Population (2026-01-01)
- • Total: 95
- • Density: 67/km^{2} (170/sq mi)
- Time zone: UTC+1 (CET)
- • Summer (DST): UTC+2 (CEST)
- Postal code: 286 01
- Website: www.schorov.cz

= Schořov =

Schořov is a municipality and village in Kutná Hora District in the Central Bohemian Region of the Czech Republic. It has about 100 inhabitants.

==Etymology==
The name is derived from the personal name Schoř, meaning "Schoř's (court)".

==Geography==
Schořov is located about 13 km southeast of Kutná Hora and 64 km southeast of Prague.

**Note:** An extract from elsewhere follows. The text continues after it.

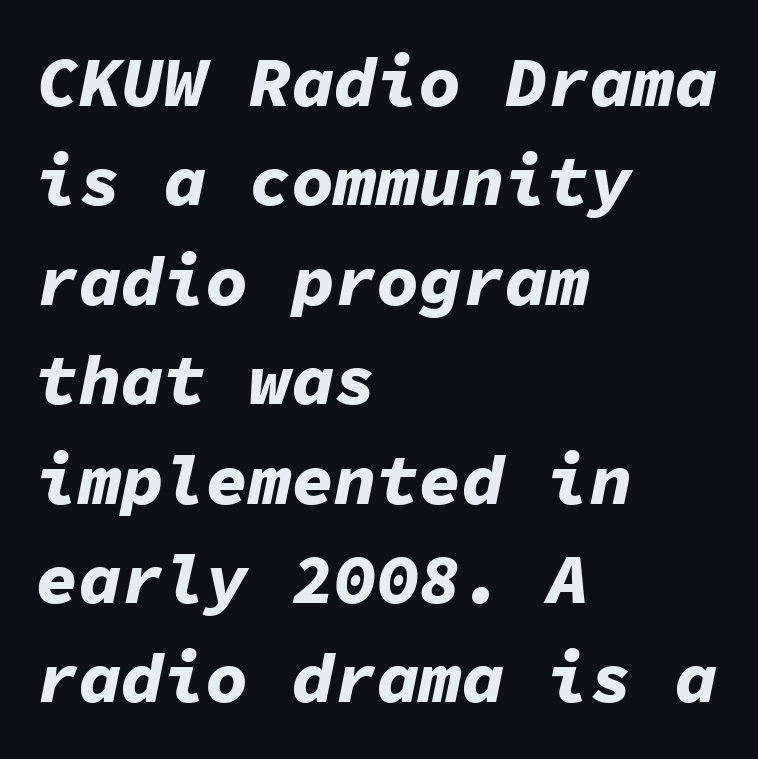
The image shows 71 px bold type, italic (leaning right), monospaced; set left-aligned, normal line spacing (1.4x), normal letter spacing, not underlined; low stroke contrast and a medium x-height.

It lies in a predominantly agricultural landscape in the Upper Sázava Hills. The highest point is at 347 m above sea level. The stream Hluboký potok flows through the municipality and supplies a nameless fishpond north of the village. In the centre of the village is a small pond called Náveský rybník.

==History==
The first written mention of Schořov is from 1352. During the Thirty Years' War, the village was completely destroyed. It was renewed at the end of the 17th century. From 1739, Schořov was owned by the Auersperg family and was annexed to the Žleby estate.

==Transport==
There are no railways or major roads passing through the municipality.

==Sights==
The main landmark of Schořov is the Chapel of the Assumption of the Virgin Mary. It was built in the early Baroque style at the end of the 17th century.